Ликуя и скорбя | страница 54
Погрузились.
Ордынцы лавой накатились на берег, лили стрелы, струги, закрытые железными щитами, отошли от берега. Там, где горели причалы, в дыму выстраивались челны и лодии, чтобы преградить дорогу вверх. Струги развернулись на стрежне, распустили паруса и двинулись вниз к Каспию.
— Идем, княже,— сказал Степан.— Поглядим города тевризского царства, ныне все море наше и никто нам поперек не встанет!

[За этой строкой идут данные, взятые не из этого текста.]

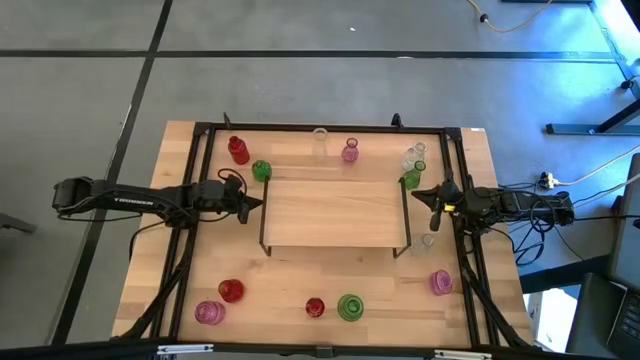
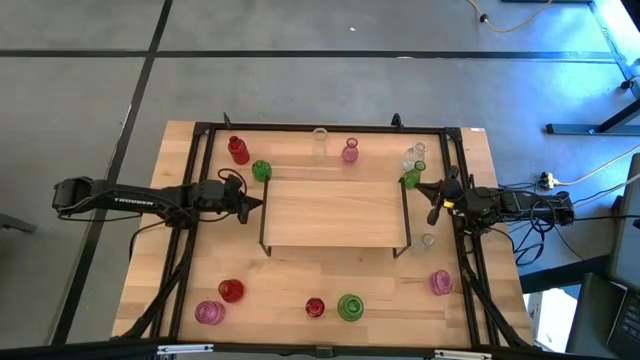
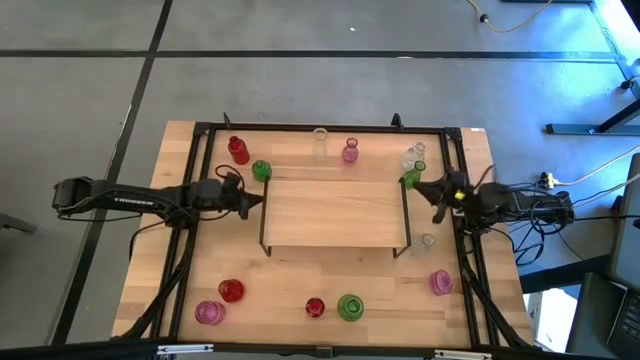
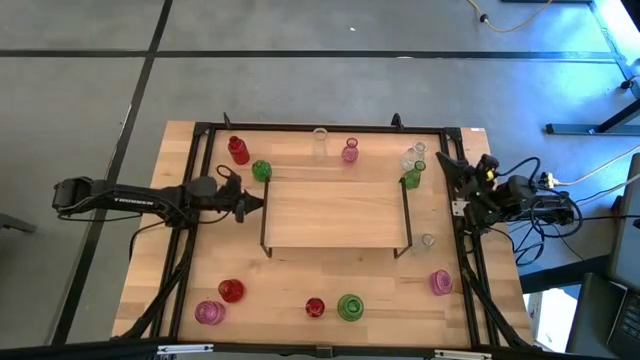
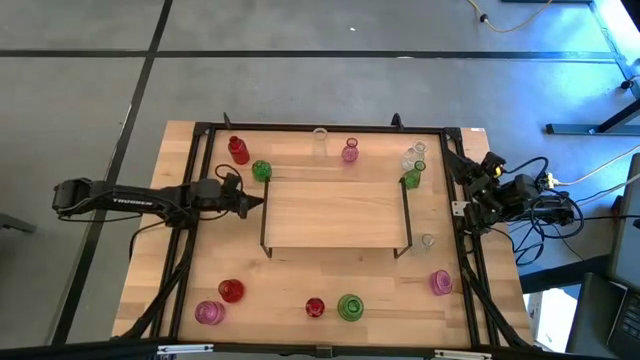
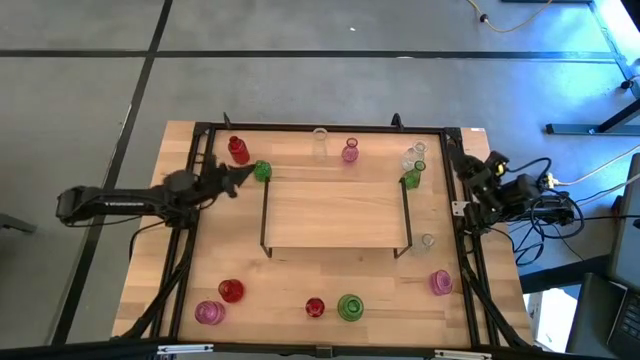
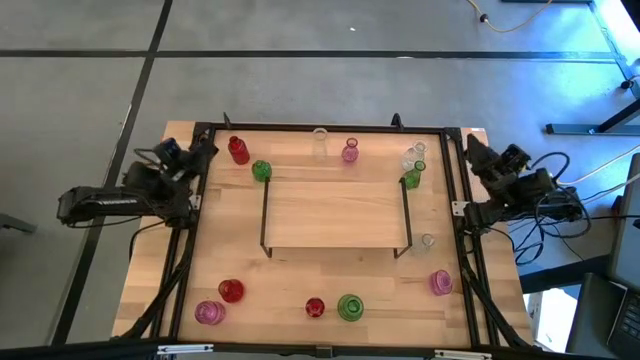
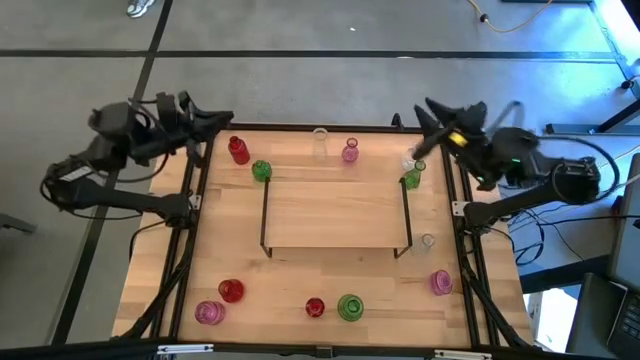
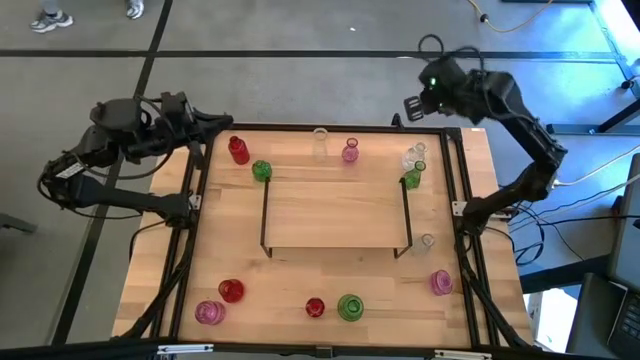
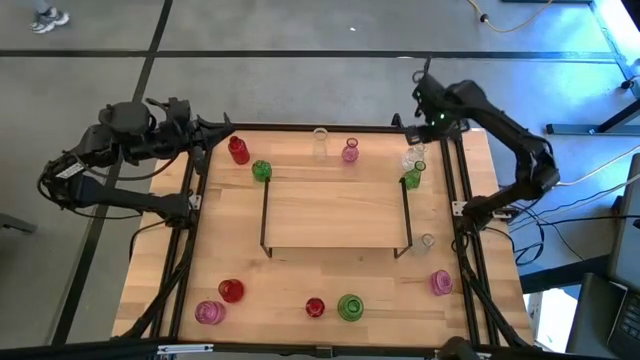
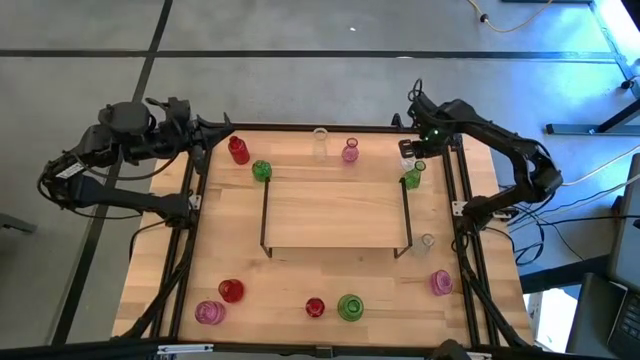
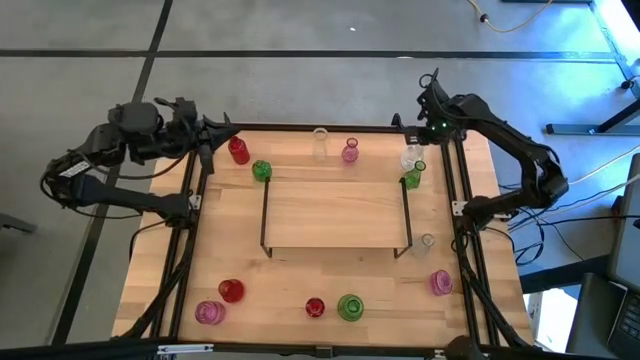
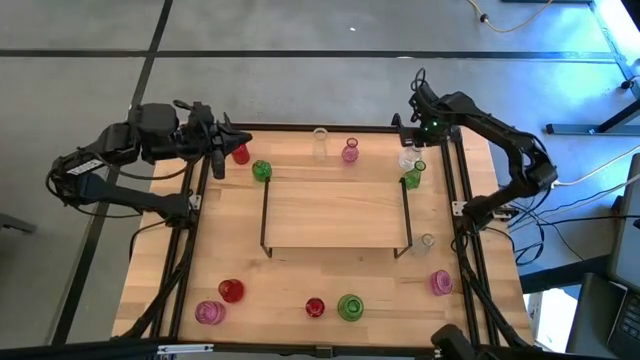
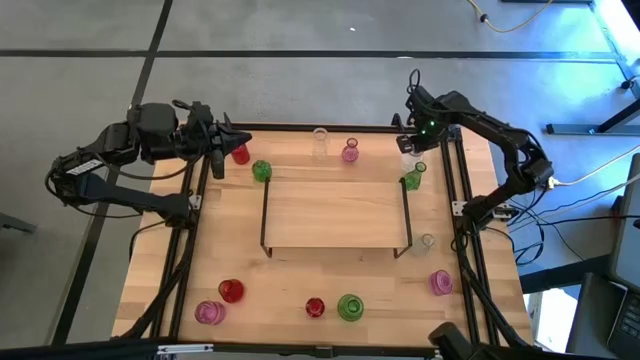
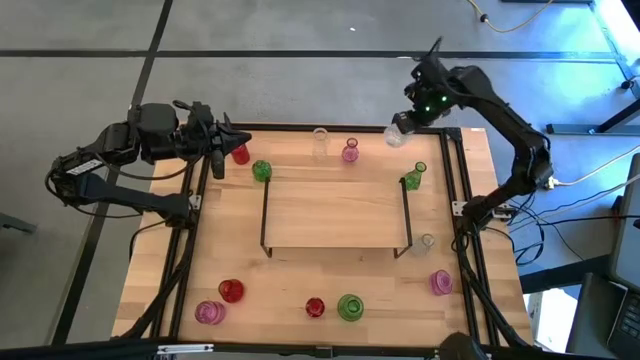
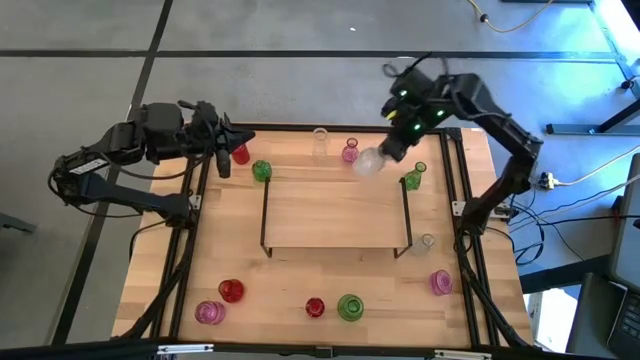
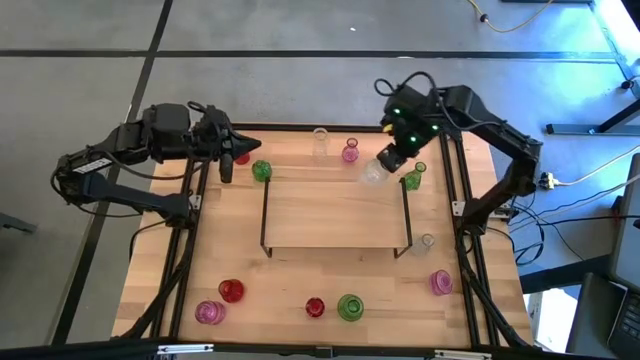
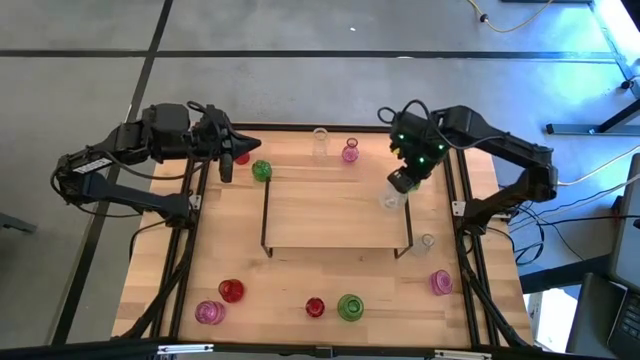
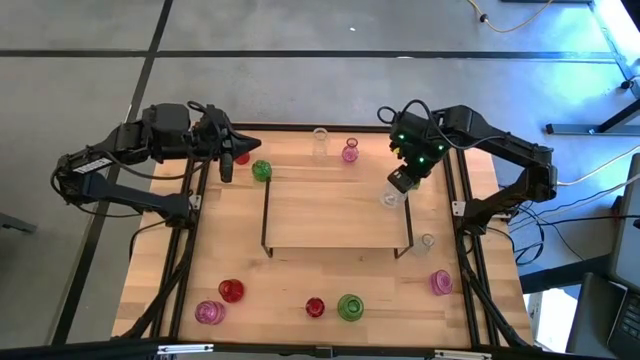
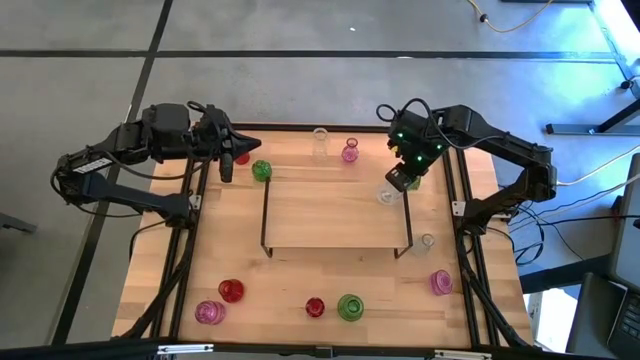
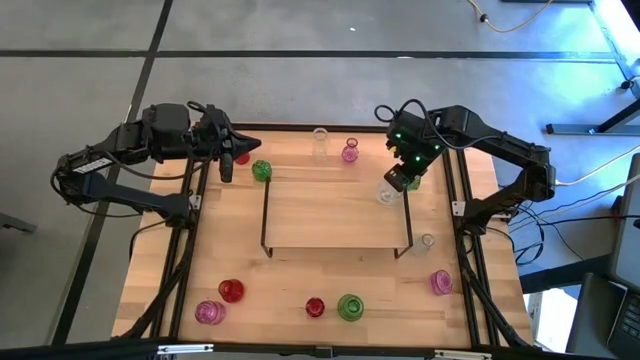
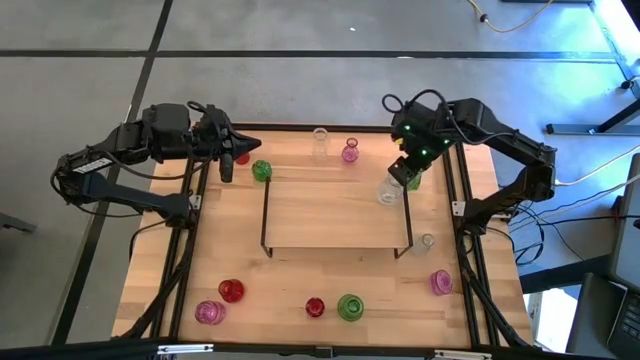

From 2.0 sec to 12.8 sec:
Task: sort vases onto shelf
Put the top right transparent vase on the shelf

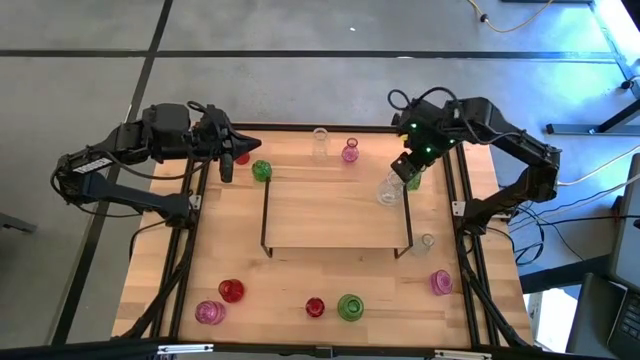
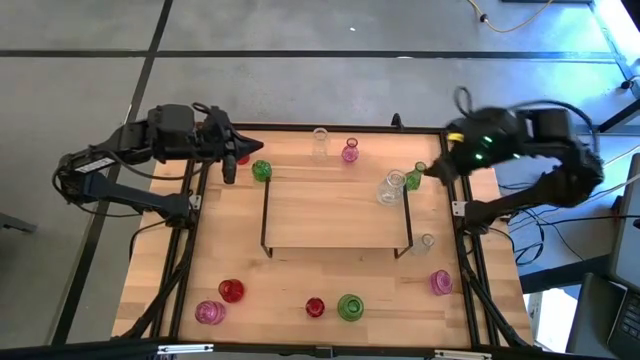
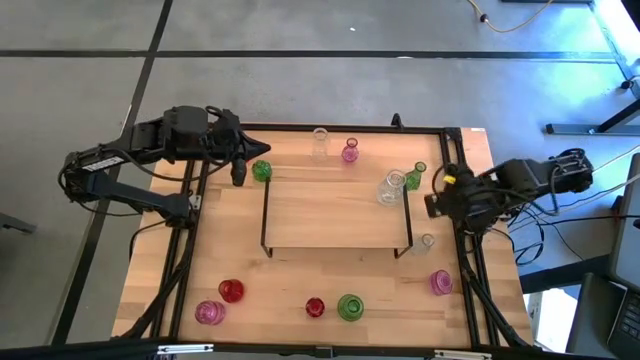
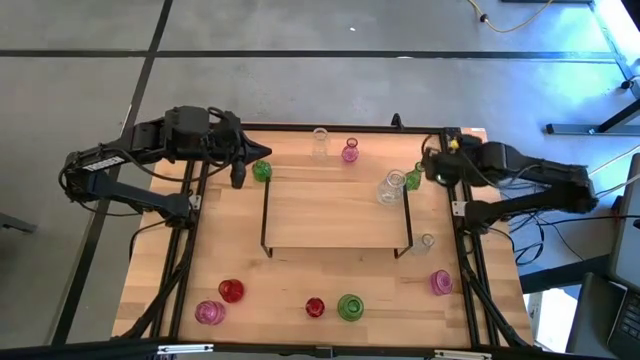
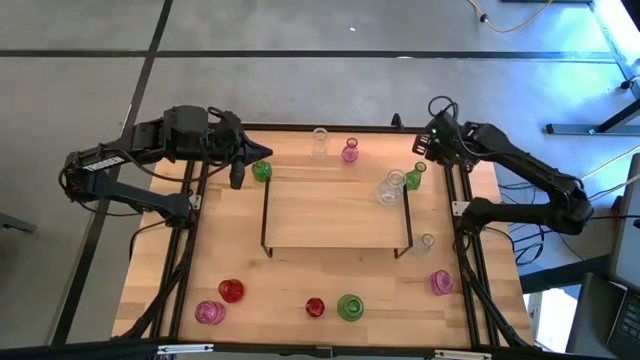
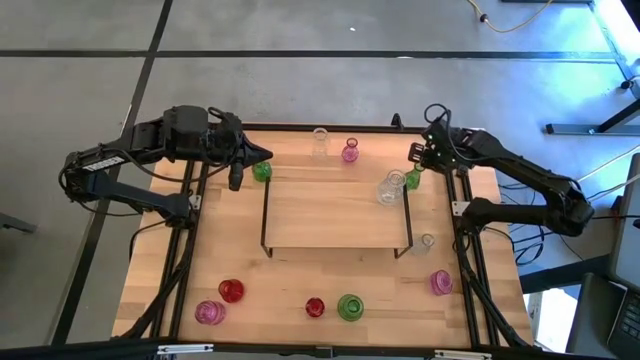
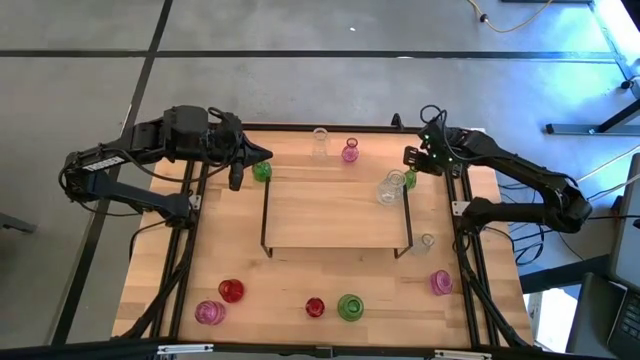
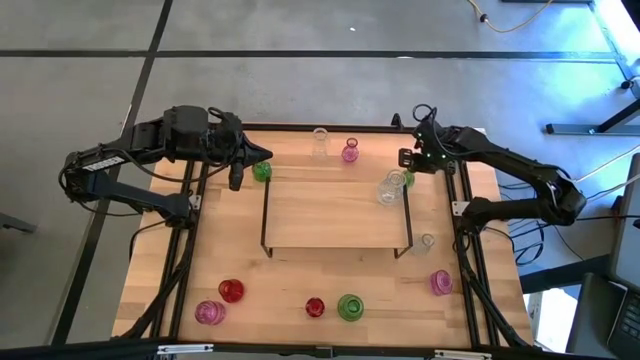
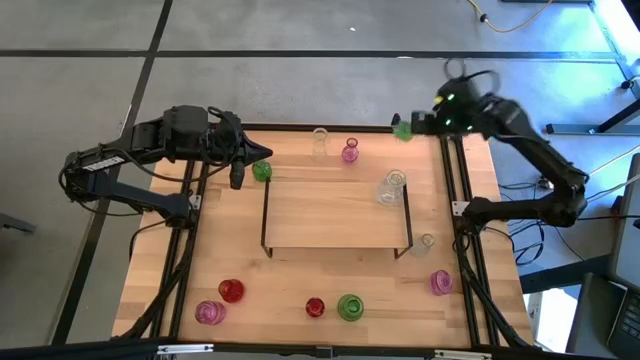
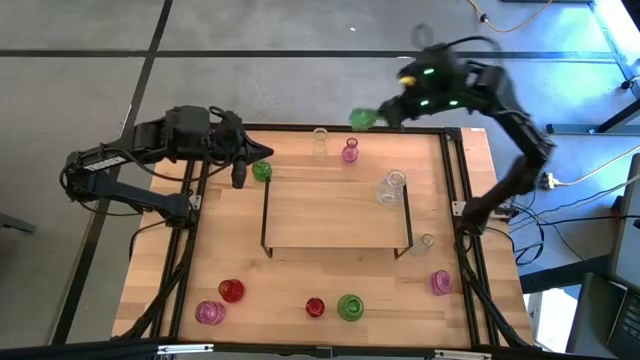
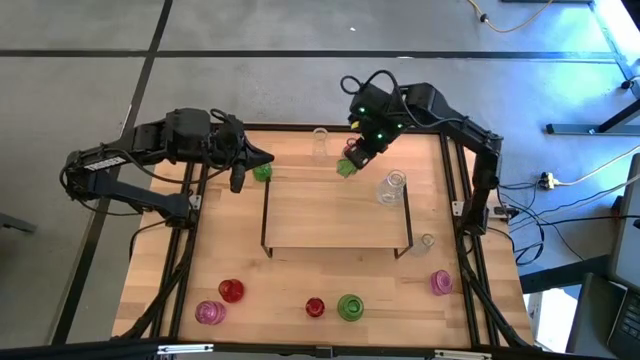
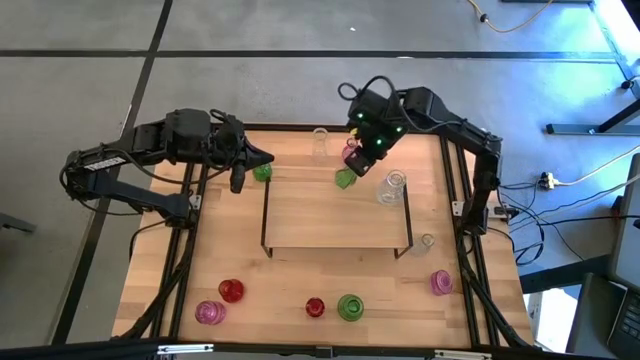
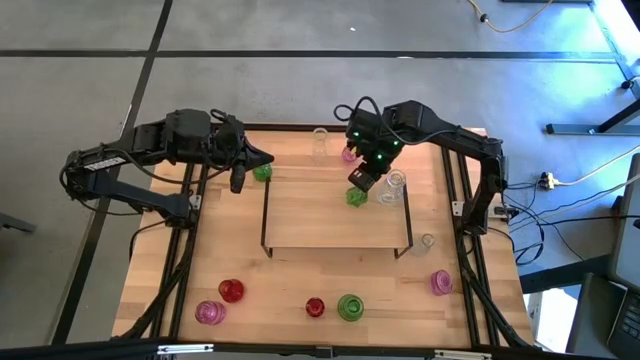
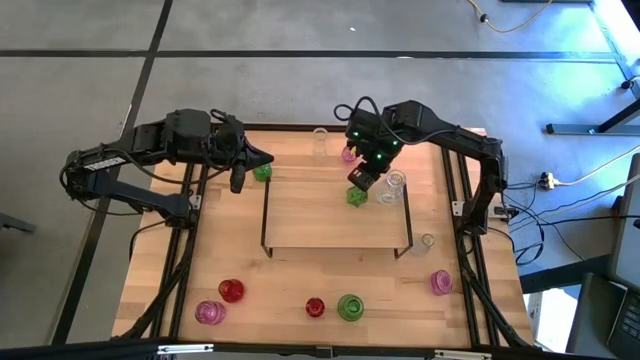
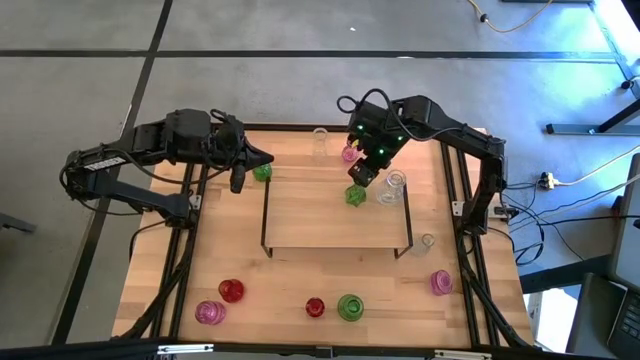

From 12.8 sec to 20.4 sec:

Зимняя дорога короче летней. До Комариного брода провожали княжий поезд ордынцы. На Куликовом поле встретила великого князя владимирского Ивана московская сторожа, проводила до Коломны. Из Коломны в один переход дошли до Бронниц. Встречал бронницкий наместник Родион Нестерович, отцов боярин и воевода. Притомились и люди и кони. Боярин повел князя в гридницу, с князем и больших бояр, тысяцкого Алексея Петровича и посольского боярина Андрея Ивановича Кобылу. Сели повечерять. Иван задремывал, не пилось, не елось. Поднял чашу с медом, тяжко сомкнул веки, и хмельной медок потек на стол из чаши.
С громом стукнула дверь, в гридницу вломился дружинник. Замер на пороге, взглядом вызывая из-за стола боярина. Грозно и в тревоге поднялся Родион Нестерович. Поднялся и московский тысяцкий Алексей Петрович.
— Говори!
— Над Москвой небо красное! — рухнули, как топор, слова.
Не успели ни тысяцкий, ни боярин слова молвить, пробился сквозь бревенчатые стены, сквозь слюдяные окна, затянутые морозом, колокольный набат. Иван поднял голову. Вскочил, с дремы оглядывая гридницу, рука потянулась к кривой арабской сабле, подаренной ему ханом. Тысяцкий отвел руку князя от сабли.
— Москва горит!
Пятьдесят поприщ до Москвы гнали о двуконь. В полтора часа пригнали. Колола ископыть, ветер жег лица. Стали на княжьем лугу супротив града. Через реку достигал нестерпимый жар. К небу рвались тринадцать высоких огней, то горели все тринадцать московских церквей. Кто-то обронил, что пожар сей пожег «всех святых».
Гридни прискакали от реки.
— Лед плавится!
Пал с коня Иван и застыл, припав на коленях в молитве. Рядом опустился на колени тысяцкий.
— Огонь моровую язву сжег! — обронил он слово утешения.
Иван не отвечал.
— Видно ли тебе, князь, почто меня твой брат из тысяцких согнал?
Иван не отвечал.
— Пришли бояре к Симеону Ивановичу и молвили: тысяцкий прилепился к черным людям во вред боярам. Выбирай, князь, бояр или черных людей. Нельзя было Симеону Ивановичу отринуть бояр, меня отринул. Но не боярами город ставится! Я с тобой, князь! Позови черных людей, дай им казну на обстроение, в тридцать дней поставлю новый город, а к весне стеной обведу!